§ Exercise instructions: Instruction for the entries below: return the part that opens with the line containing "timeofday: Day" and closes with the line containing "An aerial image. It shows: Shed building.", exactly, and no pictures.

§ Listed entries:
● ● ●

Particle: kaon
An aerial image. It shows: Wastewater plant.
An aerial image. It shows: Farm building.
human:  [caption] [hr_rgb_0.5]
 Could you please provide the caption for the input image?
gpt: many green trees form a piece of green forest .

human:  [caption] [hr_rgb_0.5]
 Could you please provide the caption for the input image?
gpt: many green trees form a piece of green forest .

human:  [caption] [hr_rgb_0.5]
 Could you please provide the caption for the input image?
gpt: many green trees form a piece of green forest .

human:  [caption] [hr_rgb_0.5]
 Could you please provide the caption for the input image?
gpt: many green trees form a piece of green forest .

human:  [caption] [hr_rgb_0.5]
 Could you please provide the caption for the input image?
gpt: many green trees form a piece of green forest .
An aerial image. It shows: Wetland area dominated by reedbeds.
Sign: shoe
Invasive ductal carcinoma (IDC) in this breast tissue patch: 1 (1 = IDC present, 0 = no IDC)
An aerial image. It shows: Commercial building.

● ● ●

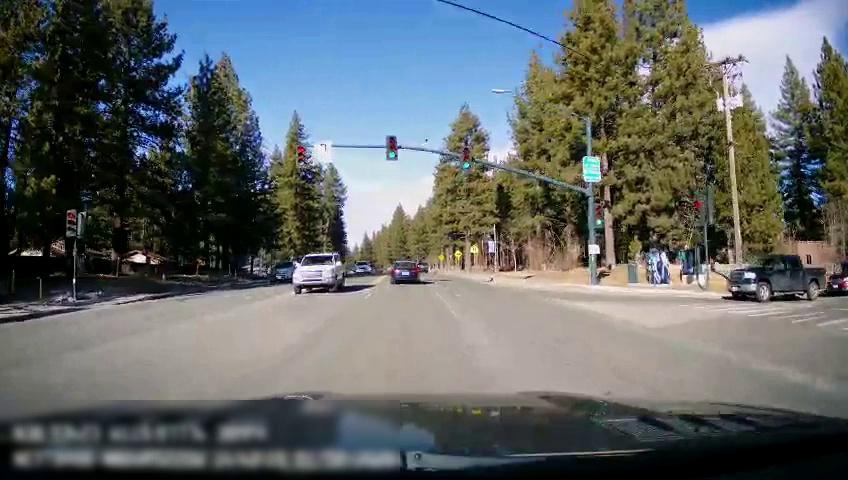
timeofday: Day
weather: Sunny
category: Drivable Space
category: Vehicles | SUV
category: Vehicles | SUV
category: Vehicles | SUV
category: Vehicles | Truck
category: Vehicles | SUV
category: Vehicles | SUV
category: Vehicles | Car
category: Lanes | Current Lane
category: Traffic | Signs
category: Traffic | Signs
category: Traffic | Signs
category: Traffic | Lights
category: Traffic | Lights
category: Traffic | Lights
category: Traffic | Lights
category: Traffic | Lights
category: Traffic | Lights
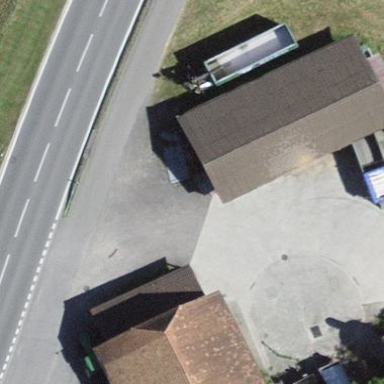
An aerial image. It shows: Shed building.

● ● ●

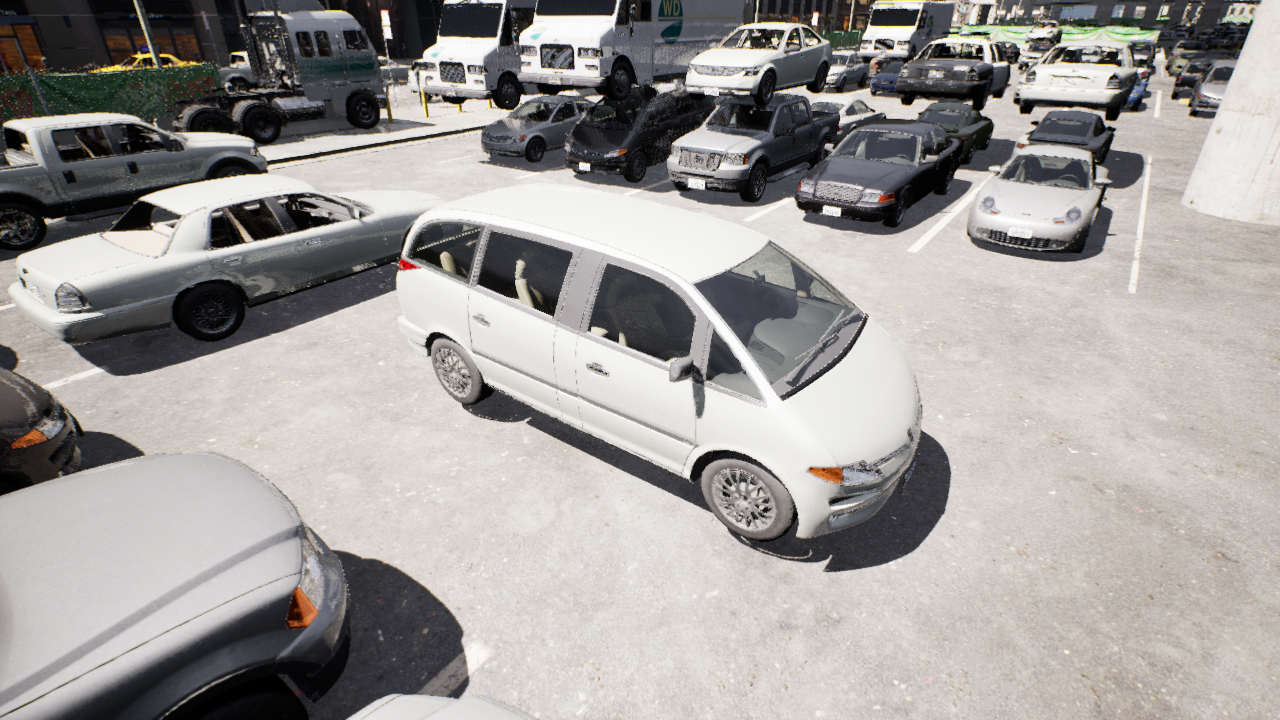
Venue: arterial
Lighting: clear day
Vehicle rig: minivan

● ● ●

§ Solution:
timeofday: Day
weather: Sunny
category: Drivable Space
category: Vehicles | SUV
category: Vehicles | SUV
category: Vehicles | SUV
category: Vehicles | Truck
category: Vehicles | SUV
category: Vehicles | SUV
category: Vehicles | Car
category: Lanes | Current Lane
category: Traffic | Signs
category: Traffic | Signs
category: Traffic | Signs
category: Traffic | Lights
category: Traffic | Lights
category: Traffic | Lights
category: Traffic | Lights
category: Traffic | Lights
category: Traffic | Lights
An aerial image. It shows: Shed building.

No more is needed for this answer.